→ **Problem to solve**
How do the lines below between the ones holding "estudo para o" and "4월 29일부터 그 이후", inclusive, read? Give them again exactly, with no other lines.

→ **Excerpted records**

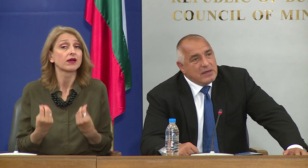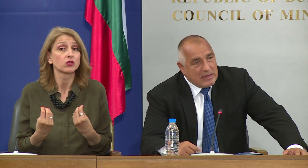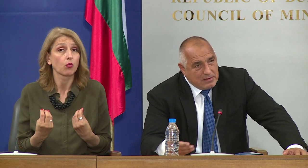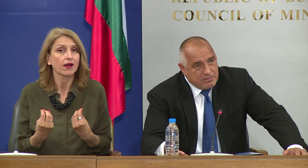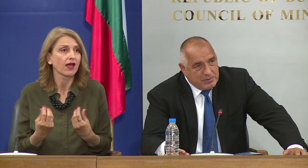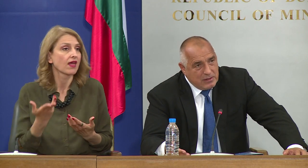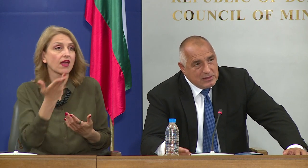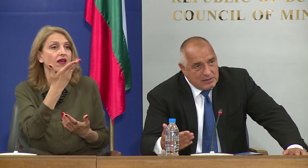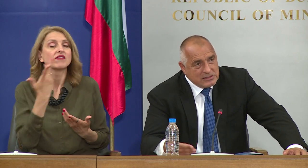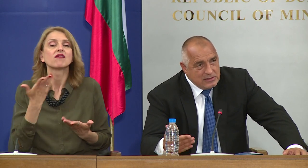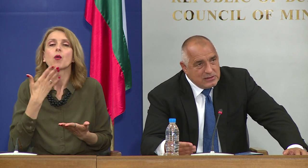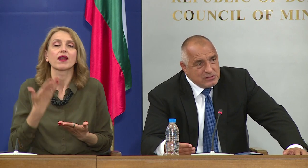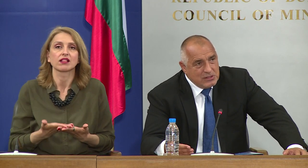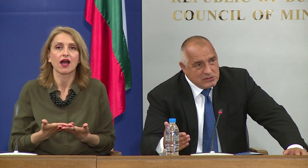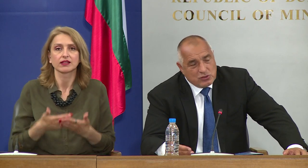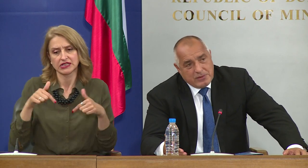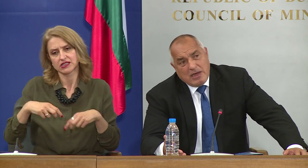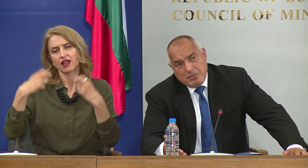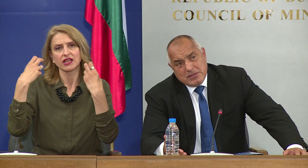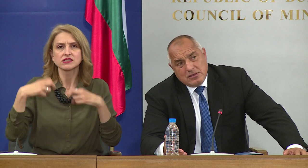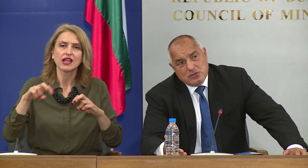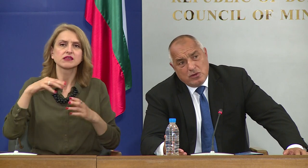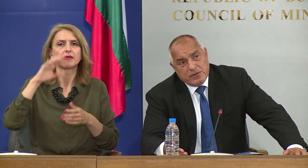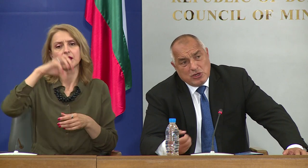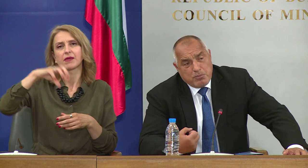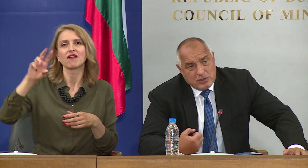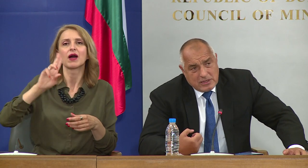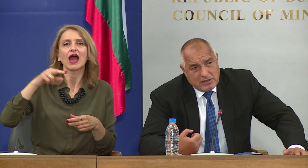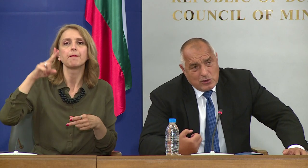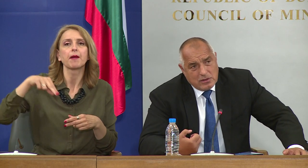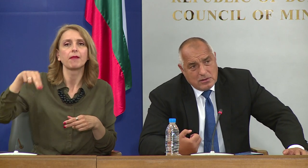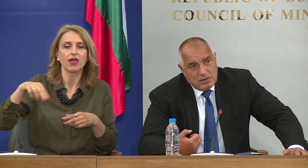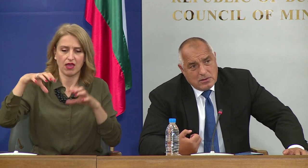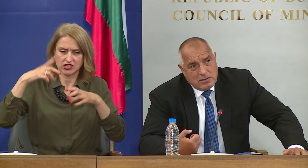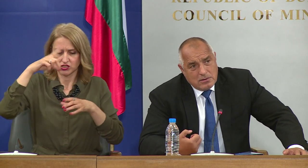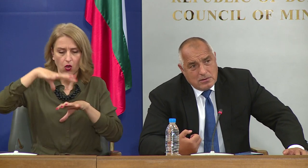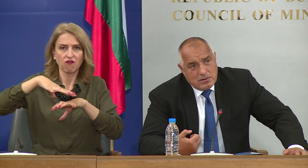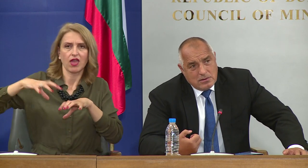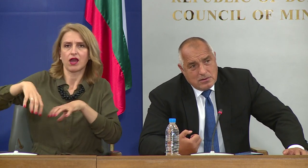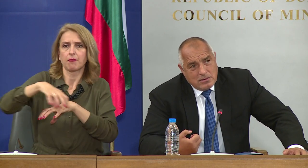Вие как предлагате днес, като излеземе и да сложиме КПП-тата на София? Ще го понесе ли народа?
---
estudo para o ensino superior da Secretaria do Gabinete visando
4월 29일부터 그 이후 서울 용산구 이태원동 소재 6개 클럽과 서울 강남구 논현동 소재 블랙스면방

→ **Answer space**
estudo para o ensino superior da Secretaria do Gabinete visando
4월 29일부터 그 이후 서울 용산구 이태원동 소재 6개 클럽과 서울 강남구 논현동 소재 블랙스면방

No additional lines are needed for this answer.